We found fewer CEOs were involved in onboarding than we had expected, given the important effect that the CEO has on a board dynamic and that many elements of best practice—such as site visits and access to management—are within the CEO’s remit.
Again, the Chairman should show leadership here and encourage a balanced relationship between the Chairman and the non-executive director, whereas the CEO sees the non-executive director as a mentor and advisor, as well as an overseer.
Beyond the board papers
Board papers should fill in the gaps, not be the foundation of the proces
While all those we spoke with agreed that the papers provided upon appointment were helpful, non-executive directors felt they learnt more about the board and the business at their first few meetings and visits to the company’s sites. Indeed, new directors usually had seen the annual reports and sought analyst views as part of their due diligence.
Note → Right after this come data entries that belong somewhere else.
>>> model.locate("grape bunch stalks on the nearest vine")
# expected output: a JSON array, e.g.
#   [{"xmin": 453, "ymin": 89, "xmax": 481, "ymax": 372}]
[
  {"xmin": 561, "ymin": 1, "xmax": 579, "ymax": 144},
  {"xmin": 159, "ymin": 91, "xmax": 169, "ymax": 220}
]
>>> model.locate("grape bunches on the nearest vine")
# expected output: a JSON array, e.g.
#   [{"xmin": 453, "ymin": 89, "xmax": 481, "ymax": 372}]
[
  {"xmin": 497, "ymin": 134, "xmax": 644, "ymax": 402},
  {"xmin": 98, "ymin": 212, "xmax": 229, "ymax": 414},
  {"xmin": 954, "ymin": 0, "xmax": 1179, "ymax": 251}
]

Those whose appointments came just before a strategy session told us that they felt they understood the company and were able to make confident, meaningful contributions in board discussions much sooner than on boards where there wasn’t a management strategy session for more than six months. Boards should consider the timing of their appointment processes and the meeting calendar.
Out and about
“In-depth discussions with the executives and management layers below them, primarily about how the company works, its culture and what makes it tick—
this is paramount.”
“I recommend that NEDs get involved. But go one step further: Get involved with management and be a serious third party.”
“Make sure you schedule site visits to important operations, even if executives
What does this mean?
None of the non-executive directors to whom we spoke believed the onboarding process needed to be completely abolished and redesigned from scratch—thoughtful tweaks and shifts in emphasis can bring structure and clarity to what traditionally may have been an ad hoc process.
There is one final point that we heard repeatedly from non-executive directors, both first-timers and experienced portfolio directors: Better onboarding allows boards to appoint the more diverse profiles they need to bring to the table, as their board grapples with the challenges of modern business.
We believe that boards (and Chairmen in particular) should be thinking differently about how they tackle this issue. As search advisors, we need to support Chairmen by applying new tools and techniques to assess first-time board candidates. Waiting for another board to take the risk on a first-time non-executive director means potentially missing out on talent and severely limiting the pool from which to choose.